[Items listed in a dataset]

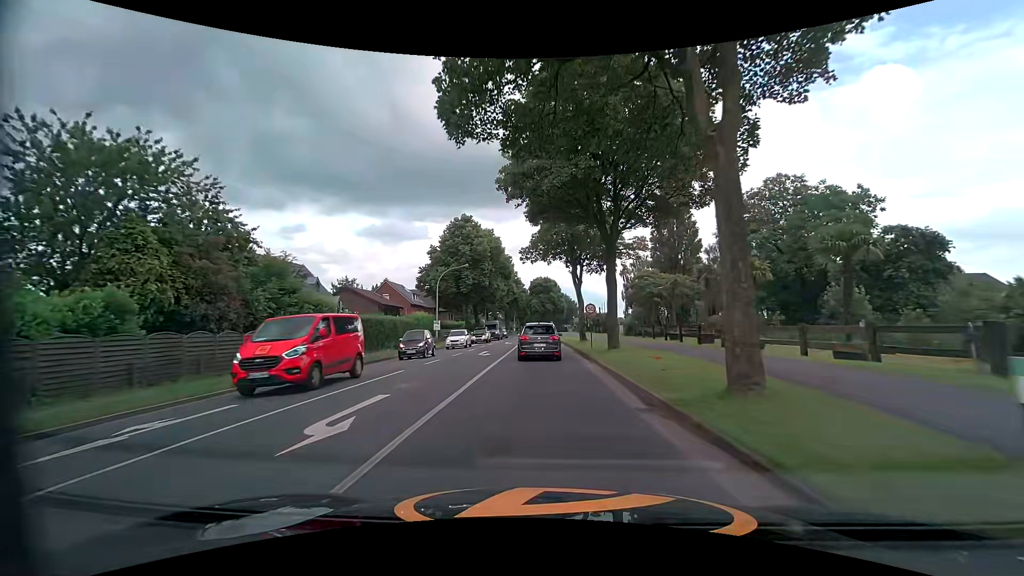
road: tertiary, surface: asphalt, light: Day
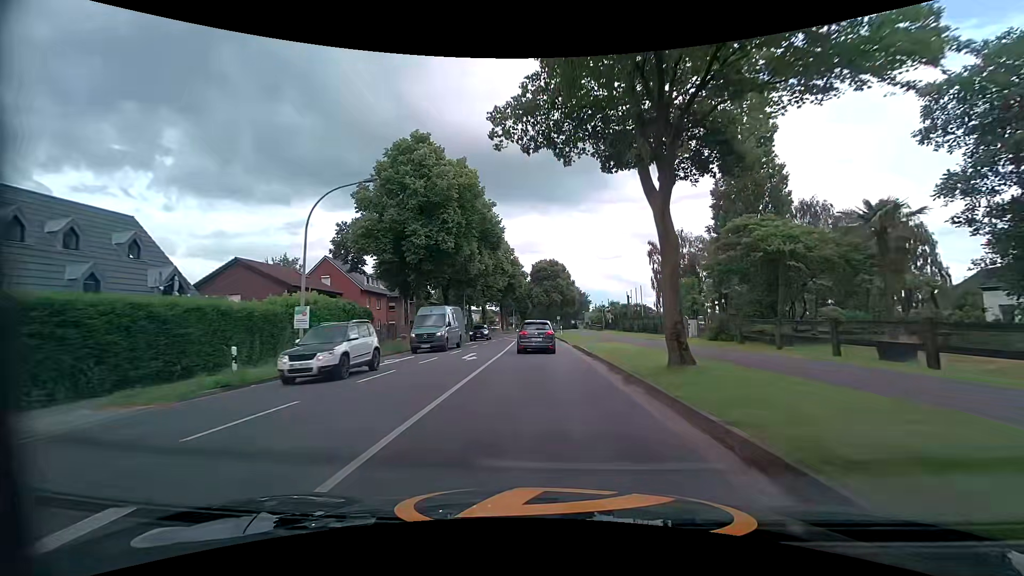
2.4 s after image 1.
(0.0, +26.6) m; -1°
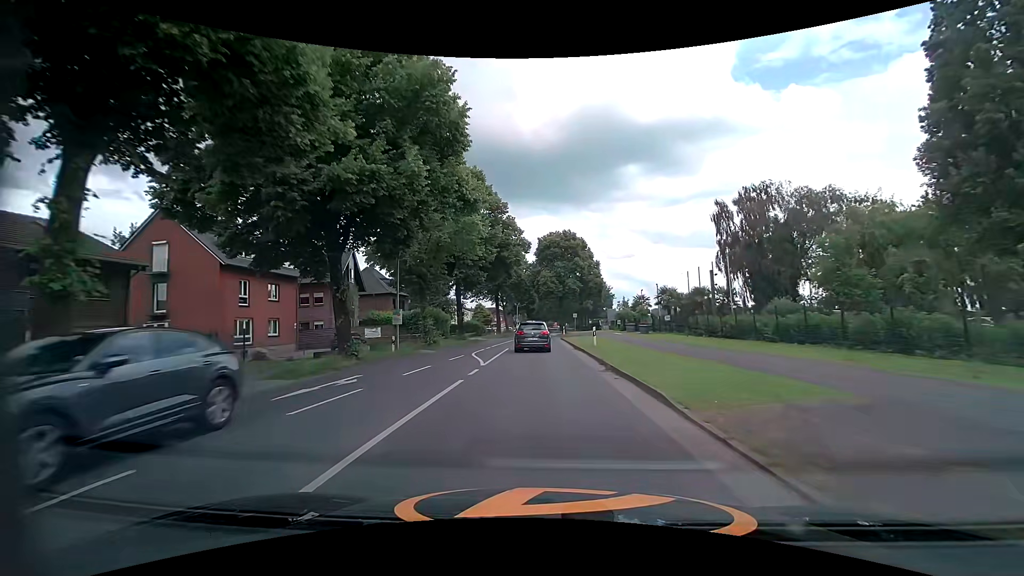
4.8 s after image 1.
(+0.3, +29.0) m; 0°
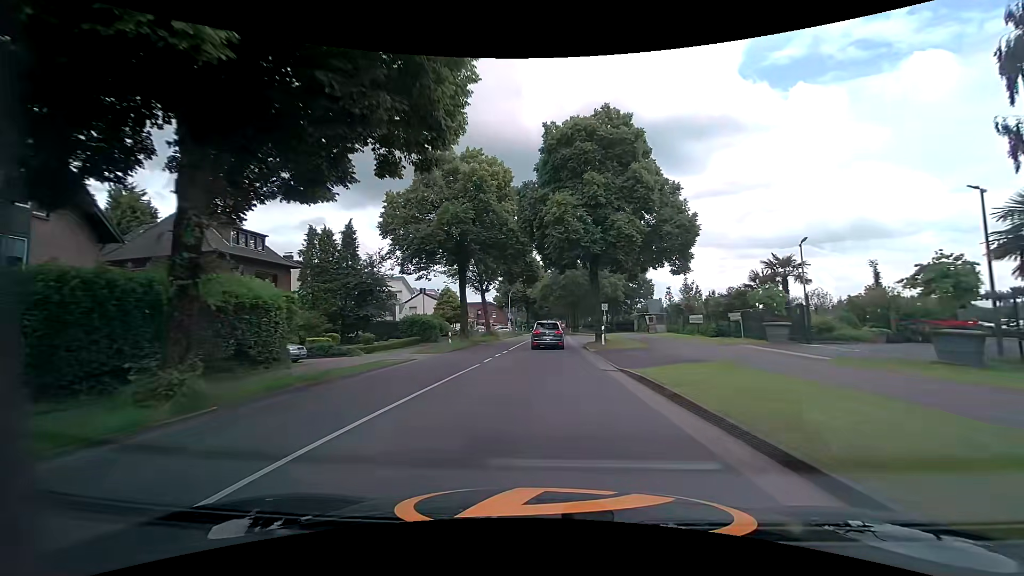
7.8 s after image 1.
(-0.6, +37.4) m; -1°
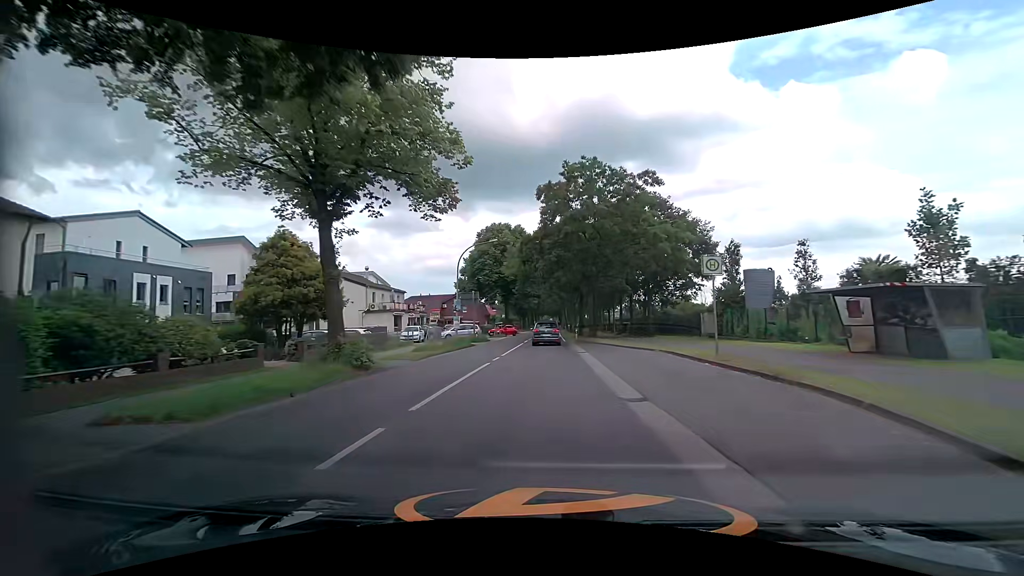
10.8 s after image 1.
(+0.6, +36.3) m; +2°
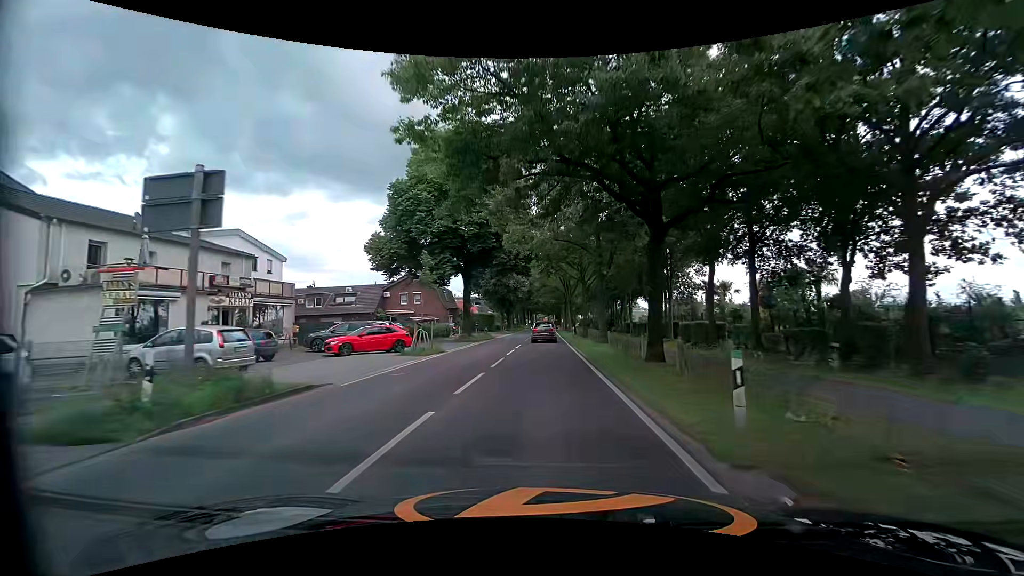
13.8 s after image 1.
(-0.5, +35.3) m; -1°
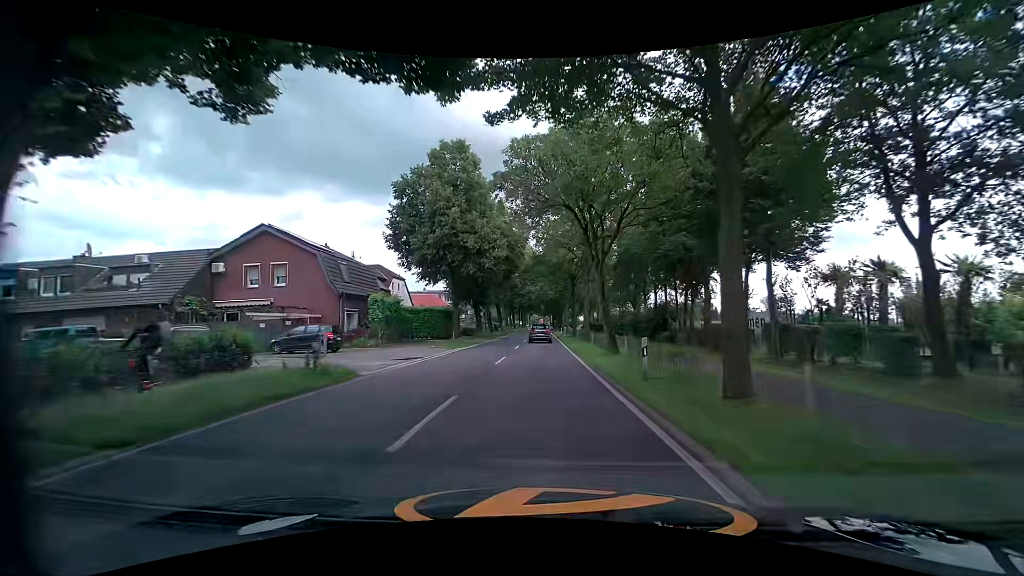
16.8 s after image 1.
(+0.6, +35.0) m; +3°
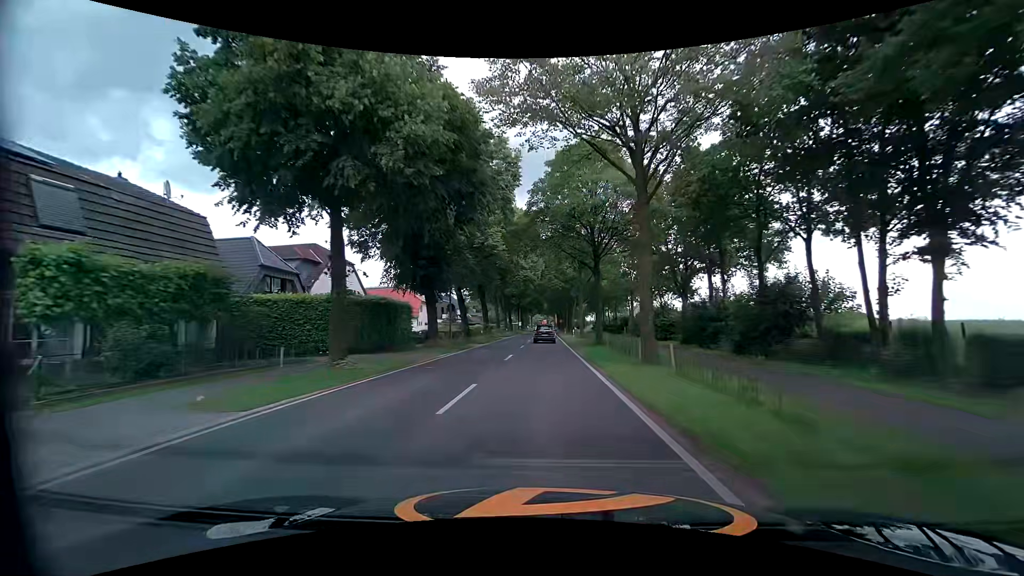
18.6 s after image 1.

◆ What this task involves: Quote each record exactly as it stands, minus the pictures.

◆ Task result:
road: tertiary, surface: asphalt, light: Day
2.4 s after image 1.
(0.0, +26.6) m; -1°
4.8 s after image 1.
(+0.3, +29.0) m; 0°
7.8 s after image 1.
(-0.6, +37.4) m; -1°
10.8 s after image 1.
(+0.6, +36.3) m; +2°
13.8 s after image 1.
(-0.5, +35.3) m; -1°
16.8 s after image 1.
(+0.6, +35.0) m; +3°
18.6 s after image 1.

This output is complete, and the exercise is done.